Any tips are much appreciated! Cheers,
At the risk of going slightly off topic, I'd just like to add a little something here. The supervisor has two CPUs on board - one on the route processor (RP or MSFC) and one on the switch processor (SP or PFC). When you issue a 'show proc cpu' in IOS on the 6k you are pulling the CPU stats from the RP, which handles most things we would ordinarily thing about: routing protocol updates, process-switched packets, telnet/SSH sessions, and higher-level functions of the device.
To pull the CPU stats from the SP you'd issue a 'remote command switch show process cpu'. The SP CPU is responsible for the low level goings-on in the switch.

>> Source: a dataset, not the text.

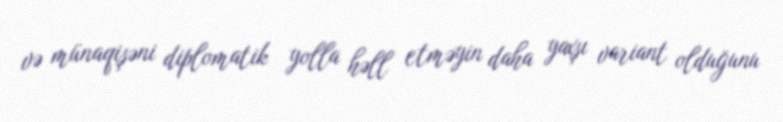
və münaqişəni diplomatik yolla həll etməyin daha yaxşı variant olduğunu
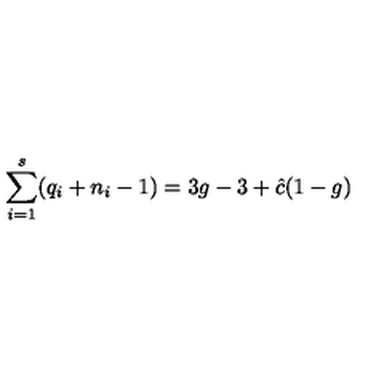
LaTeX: \sum _ { i = 1 } ^ { s } ( q _ { i } + n _ { i } - 1 ) = 3 g - 3 + { \hat { c } } ( 1 - g )

It handles IGMP snooping, spanning-tree BPDU processing, etc. It's also responsible for keeping in touch with the line cards via the EOBC (ethernet out-of-band channel).
Getting back on track, in your case it looks like you identified the overutilized CPU to be on the WiSM module. fw_lcp (firmware line card protocol) is the process responsible for communicating via the EOBC with the supervisor. It looks like the WiSM was having trouble communicating with the sup via LCP. Why this happened in the first place is anybody's guess if you can't reproduce it, but hopefully now you'll have a better grasp of what originally happened!